**Try it:** Could you say how many lines in the records include "surface"? Please give the number by itself.

START The data

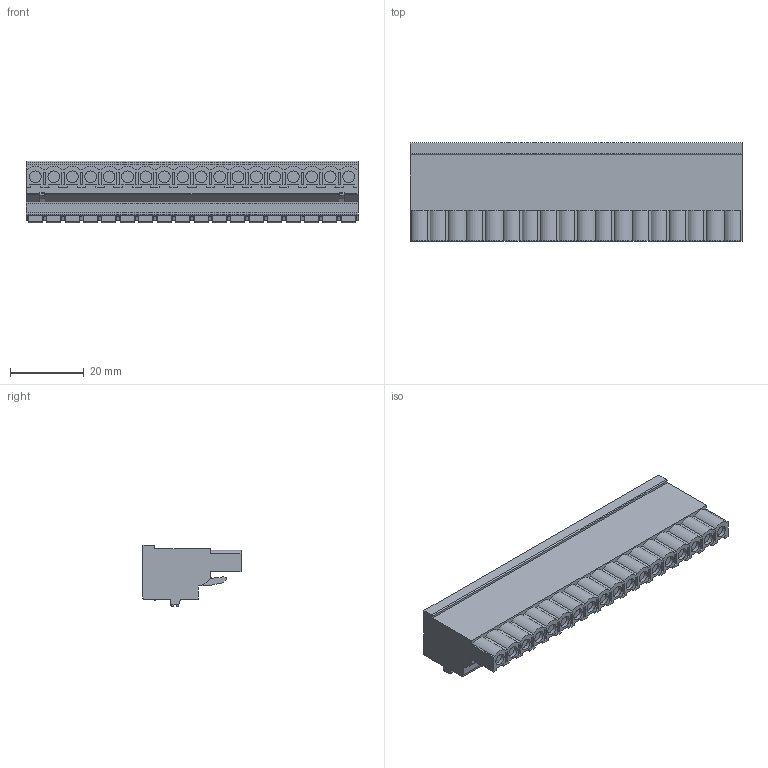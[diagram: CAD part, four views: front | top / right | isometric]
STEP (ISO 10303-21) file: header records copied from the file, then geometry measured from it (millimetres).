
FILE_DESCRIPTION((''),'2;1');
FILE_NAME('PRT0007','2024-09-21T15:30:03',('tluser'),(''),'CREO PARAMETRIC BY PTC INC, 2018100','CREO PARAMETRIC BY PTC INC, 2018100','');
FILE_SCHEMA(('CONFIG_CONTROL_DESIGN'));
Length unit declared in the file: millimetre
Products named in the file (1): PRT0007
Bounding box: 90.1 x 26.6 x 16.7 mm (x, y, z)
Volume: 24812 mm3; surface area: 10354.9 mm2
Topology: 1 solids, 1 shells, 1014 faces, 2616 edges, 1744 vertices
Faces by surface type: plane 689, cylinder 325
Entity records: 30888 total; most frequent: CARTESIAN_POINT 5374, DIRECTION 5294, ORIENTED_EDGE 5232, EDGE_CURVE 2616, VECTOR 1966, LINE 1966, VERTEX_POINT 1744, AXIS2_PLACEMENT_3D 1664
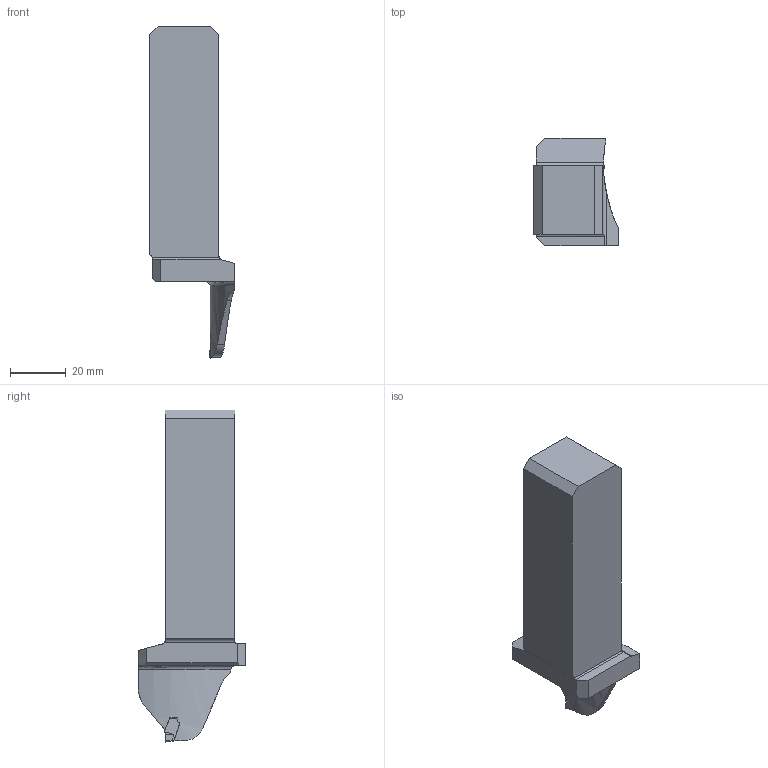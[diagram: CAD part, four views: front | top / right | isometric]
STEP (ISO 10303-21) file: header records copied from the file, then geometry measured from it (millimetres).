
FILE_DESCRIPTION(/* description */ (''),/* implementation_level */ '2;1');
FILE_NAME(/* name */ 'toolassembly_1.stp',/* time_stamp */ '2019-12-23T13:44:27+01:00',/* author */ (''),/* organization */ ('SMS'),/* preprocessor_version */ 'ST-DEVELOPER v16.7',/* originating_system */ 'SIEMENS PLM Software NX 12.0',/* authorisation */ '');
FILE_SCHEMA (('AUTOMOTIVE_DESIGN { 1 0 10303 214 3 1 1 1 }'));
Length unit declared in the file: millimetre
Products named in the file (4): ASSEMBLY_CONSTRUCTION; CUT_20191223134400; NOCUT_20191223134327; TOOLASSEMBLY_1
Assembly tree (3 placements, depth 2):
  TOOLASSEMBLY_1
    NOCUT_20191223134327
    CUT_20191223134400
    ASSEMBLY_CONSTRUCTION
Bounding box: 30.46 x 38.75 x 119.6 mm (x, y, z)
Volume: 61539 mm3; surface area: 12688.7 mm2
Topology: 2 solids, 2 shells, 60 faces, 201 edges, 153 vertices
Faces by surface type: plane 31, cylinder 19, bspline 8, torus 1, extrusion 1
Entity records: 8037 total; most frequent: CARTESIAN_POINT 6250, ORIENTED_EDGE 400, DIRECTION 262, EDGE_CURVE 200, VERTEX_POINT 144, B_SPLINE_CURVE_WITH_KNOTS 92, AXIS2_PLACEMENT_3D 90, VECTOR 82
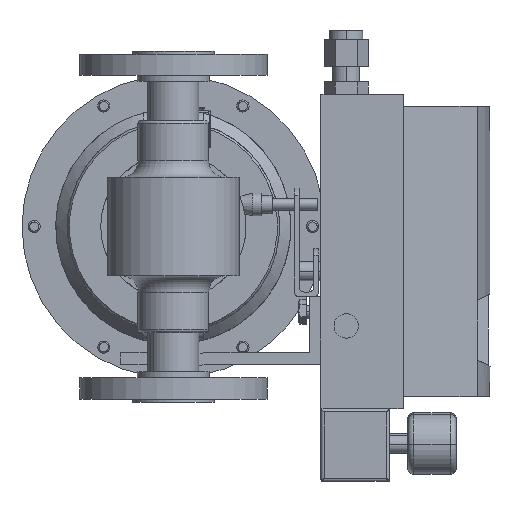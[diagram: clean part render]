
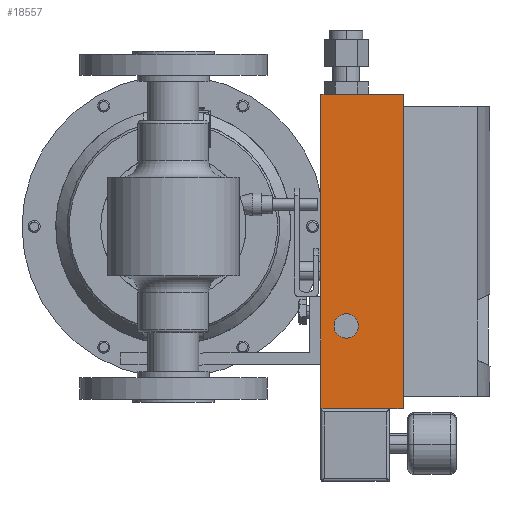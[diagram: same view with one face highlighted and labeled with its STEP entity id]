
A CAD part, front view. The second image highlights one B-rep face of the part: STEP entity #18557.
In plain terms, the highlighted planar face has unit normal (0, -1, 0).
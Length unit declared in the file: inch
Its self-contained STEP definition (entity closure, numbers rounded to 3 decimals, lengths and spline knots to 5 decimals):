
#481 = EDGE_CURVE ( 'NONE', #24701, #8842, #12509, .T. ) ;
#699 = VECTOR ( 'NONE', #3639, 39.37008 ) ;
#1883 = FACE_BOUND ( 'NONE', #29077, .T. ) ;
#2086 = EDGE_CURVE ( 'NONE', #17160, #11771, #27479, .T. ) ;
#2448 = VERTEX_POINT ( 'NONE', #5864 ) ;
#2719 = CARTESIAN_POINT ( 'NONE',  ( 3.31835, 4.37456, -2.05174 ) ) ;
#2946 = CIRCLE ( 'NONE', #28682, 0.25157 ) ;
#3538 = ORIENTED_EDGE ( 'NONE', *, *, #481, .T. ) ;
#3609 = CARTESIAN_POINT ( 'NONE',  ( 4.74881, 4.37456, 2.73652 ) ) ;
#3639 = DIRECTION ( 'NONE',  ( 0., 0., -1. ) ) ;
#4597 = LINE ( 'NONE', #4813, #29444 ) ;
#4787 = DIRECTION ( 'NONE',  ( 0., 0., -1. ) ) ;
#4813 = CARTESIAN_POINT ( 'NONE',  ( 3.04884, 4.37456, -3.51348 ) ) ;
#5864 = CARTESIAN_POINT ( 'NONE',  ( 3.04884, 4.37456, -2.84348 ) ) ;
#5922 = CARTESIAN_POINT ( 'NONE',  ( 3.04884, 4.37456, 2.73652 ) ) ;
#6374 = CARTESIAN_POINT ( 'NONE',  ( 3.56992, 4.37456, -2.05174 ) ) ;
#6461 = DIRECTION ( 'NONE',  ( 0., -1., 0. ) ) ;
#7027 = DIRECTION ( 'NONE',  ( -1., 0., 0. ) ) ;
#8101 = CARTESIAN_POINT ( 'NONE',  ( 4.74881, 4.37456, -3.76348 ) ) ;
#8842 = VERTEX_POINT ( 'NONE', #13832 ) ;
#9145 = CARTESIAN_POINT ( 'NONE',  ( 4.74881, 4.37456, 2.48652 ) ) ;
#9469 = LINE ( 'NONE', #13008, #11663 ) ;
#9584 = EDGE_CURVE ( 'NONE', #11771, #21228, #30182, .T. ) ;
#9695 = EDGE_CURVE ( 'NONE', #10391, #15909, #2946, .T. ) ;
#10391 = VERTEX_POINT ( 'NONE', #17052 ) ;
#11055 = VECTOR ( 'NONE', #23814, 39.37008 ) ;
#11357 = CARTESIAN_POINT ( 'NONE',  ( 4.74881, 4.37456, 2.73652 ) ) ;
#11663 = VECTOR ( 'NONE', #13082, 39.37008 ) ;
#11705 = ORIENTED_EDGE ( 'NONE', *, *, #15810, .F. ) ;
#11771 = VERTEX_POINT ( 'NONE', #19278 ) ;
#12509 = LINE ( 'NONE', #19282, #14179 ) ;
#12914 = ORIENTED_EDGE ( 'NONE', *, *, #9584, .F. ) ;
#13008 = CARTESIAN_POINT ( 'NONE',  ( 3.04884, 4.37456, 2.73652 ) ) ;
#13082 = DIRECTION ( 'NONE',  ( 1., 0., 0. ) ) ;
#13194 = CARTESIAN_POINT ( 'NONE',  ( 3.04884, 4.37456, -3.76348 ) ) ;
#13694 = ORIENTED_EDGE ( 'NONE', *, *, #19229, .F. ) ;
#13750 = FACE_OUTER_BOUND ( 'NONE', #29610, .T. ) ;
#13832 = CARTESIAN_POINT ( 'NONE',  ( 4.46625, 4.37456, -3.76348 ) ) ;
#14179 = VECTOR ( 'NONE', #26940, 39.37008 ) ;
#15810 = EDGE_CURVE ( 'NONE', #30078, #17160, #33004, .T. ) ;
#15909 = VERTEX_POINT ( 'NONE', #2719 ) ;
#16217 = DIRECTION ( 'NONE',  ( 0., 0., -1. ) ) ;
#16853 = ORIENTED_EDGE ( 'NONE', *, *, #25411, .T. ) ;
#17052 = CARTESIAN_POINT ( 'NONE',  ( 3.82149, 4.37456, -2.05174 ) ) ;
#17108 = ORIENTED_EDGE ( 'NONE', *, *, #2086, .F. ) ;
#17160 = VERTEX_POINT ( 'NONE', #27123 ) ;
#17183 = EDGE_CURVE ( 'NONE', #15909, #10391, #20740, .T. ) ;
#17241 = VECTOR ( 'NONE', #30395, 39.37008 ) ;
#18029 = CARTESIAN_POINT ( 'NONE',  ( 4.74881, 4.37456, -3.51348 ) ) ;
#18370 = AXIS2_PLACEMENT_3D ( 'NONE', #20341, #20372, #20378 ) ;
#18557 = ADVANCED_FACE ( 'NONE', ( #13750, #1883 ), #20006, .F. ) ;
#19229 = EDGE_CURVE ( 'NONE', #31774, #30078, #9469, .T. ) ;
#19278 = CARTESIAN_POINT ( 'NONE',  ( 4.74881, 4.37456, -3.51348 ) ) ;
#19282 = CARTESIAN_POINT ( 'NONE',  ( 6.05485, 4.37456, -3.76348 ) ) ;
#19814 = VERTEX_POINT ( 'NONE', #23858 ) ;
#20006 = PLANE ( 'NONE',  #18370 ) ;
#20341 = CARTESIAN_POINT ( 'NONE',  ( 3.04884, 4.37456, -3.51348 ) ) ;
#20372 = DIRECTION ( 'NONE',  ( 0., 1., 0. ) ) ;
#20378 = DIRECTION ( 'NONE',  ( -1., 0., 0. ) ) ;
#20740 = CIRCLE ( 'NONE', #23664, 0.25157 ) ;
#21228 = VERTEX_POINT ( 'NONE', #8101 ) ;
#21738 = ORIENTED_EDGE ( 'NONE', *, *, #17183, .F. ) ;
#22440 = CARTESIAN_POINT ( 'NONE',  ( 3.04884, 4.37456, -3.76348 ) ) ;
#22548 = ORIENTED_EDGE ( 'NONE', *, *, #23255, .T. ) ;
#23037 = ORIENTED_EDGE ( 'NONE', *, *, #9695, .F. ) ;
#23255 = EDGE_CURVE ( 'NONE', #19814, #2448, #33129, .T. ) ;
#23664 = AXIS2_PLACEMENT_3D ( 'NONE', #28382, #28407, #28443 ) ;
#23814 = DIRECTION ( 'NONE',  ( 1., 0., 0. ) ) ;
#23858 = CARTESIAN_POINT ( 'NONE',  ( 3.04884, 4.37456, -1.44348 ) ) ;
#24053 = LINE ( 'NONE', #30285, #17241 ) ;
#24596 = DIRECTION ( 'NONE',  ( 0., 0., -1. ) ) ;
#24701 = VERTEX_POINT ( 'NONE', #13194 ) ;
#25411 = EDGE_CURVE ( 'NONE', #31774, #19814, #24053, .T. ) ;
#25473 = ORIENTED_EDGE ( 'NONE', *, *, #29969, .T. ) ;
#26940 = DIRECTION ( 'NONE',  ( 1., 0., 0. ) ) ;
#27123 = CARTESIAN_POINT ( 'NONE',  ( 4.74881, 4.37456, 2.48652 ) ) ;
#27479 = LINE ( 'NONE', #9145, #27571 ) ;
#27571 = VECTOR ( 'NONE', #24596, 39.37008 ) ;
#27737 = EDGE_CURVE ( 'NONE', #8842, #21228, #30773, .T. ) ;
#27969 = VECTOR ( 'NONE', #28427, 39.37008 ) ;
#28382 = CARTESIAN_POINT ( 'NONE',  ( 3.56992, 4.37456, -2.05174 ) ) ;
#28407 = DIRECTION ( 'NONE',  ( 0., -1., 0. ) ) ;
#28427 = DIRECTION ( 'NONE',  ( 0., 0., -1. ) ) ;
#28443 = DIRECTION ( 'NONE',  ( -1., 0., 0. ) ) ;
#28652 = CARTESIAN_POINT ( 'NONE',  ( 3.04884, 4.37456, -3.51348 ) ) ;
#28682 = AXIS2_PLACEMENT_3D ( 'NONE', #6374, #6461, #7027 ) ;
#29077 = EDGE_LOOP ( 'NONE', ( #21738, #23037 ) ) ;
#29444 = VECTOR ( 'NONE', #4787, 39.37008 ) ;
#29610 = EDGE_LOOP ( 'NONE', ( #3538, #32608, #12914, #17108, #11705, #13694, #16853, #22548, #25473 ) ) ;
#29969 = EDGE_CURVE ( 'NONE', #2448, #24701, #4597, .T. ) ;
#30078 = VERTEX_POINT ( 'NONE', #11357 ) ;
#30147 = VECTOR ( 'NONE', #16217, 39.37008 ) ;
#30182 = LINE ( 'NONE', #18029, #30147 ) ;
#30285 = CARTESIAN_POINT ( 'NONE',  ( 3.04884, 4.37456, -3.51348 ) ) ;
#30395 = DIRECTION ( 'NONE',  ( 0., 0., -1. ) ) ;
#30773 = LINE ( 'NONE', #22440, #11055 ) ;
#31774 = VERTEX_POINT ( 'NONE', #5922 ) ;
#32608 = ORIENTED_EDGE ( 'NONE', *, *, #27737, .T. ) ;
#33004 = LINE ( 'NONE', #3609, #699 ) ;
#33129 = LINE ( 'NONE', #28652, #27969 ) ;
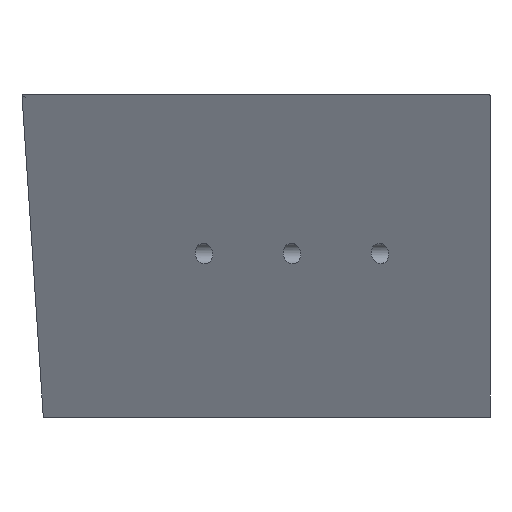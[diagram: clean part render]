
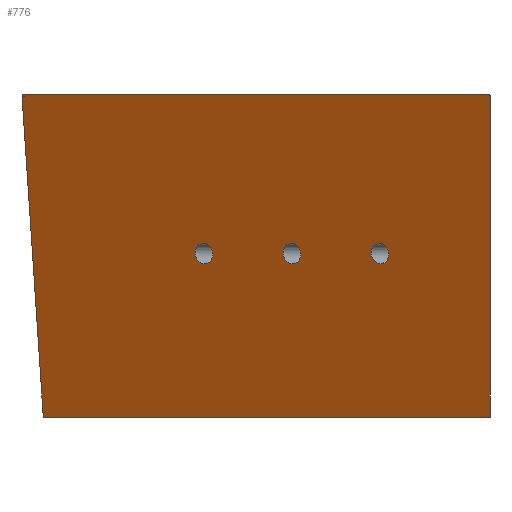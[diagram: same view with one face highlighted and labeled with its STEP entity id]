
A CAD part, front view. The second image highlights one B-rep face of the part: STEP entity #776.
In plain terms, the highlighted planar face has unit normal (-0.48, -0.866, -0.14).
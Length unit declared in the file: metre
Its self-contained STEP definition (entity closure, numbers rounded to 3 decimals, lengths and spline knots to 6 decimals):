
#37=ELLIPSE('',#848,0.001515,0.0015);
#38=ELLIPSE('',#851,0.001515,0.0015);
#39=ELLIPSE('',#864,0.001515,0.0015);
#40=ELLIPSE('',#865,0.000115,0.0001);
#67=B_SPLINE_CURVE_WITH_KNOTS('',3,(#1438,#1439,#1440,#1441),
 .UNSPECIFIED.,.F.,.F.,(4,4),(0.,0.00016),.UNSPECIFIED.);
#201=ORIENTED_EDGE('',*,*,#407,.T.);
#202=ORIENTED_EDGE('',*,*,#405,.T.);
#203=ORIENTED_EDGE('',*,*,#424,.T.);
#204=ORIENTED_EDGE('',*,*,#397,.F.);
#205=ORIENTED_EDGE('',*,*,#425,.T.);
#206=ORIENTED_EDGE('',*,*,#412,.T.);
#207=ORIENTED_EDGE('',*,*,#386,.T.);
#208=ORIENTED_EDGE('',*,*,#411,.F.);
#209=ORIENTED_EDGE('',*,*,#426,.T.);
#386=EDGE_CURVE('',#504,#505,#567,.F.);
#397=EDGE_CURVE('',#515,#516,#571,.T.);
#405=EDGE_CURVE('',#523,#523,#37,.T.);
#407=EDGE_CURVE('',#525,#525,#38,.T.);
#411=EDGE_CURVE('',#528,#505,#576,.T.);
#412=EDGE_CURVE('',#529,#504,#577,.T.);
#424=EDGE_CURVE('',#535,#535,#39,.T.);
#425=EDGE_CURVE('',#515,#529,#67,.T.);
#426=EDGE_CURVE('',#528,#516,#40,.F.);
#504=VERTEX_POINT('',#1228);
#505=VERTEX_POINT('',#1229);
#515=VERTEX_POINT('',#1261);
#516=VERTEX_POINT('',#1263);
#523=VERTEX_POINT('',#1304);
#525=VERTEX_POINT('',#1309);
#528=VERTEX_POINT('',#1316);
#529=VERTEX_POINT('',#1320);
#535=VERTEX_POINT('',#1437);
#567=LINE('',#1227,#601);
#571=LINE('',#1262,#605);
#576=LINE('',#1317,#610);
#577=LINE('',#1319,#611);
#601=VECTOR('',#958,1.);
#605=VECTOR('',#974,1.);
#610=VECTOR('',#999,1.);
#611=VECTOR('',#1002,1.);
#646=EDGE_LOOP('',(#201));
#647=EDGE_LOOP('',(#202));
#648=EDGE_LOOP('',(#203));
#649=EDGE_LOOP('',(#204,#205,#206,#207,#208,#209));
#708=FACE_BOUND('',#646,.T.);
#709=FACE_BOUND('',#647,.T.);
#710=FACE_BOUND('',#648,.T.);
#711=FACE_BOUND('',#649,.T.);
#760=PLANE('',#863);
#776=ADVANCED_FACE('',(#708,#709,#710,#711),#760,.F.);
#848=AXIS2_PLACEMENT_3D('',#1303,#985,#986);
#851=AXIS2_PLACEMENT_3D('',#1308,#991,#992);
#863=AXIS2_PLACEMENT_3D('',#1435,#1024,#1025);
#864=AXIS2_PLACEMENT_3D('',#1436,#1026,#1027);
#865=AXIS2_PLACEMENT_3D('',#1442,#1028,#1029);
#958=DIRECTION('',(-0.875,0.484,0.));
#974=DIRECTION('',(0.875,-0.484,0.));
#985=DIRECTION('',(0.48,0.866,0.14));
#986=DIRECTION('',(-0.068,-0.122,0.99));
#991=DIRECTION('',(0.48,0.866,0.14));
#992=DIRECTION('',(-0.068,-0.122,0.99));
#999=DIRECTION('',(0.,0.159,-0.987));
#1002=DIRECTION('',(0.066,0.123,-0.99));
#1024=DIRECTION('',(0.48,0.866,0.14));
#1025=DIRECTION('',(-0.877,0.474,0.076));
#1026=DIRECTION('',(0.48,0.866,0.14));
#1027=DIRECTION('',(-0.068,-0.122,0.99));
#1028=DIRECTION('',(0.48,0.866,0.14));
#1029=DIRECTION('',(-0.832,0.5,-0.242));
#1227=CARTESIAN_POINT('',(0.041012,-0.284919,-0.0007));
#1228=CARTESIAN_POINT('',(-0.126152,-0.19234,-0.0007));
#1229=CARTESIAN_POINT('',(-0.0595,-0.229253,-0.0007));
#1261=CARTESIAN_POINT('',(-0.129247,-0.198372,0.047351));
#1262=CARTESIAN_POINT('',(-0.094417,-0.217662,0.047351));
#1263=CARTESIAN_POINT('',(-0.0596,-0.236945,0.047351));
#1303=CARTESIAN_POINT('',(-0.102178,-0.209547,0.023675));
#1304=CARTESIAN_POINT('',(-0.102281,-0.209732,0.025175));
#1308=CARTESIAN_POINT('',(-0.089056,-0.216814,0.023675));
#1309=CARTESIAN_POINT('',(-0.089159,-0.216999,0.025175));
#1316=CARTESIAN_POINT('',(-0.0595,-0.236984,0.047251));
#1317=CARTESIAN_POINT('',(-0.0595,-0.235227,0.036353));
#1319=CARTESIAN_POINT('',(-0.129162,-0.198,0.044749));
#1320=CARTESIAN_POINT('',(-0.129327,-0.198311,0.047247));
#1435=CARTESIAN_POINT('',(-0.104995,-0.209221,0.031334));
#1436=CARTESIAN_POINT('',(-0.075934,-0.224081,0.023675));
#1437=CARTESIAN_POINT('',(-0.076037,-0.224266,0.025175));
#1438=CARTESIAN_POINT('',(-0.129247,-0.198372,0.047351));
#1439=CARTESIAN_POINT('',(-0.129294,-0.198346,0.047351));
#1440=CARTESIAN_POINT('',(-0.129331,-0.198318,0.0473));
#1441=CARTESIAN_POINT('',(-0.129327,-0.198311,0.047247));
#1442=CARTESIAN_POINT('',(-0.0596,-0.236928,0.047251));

END The data

**Your response:** 4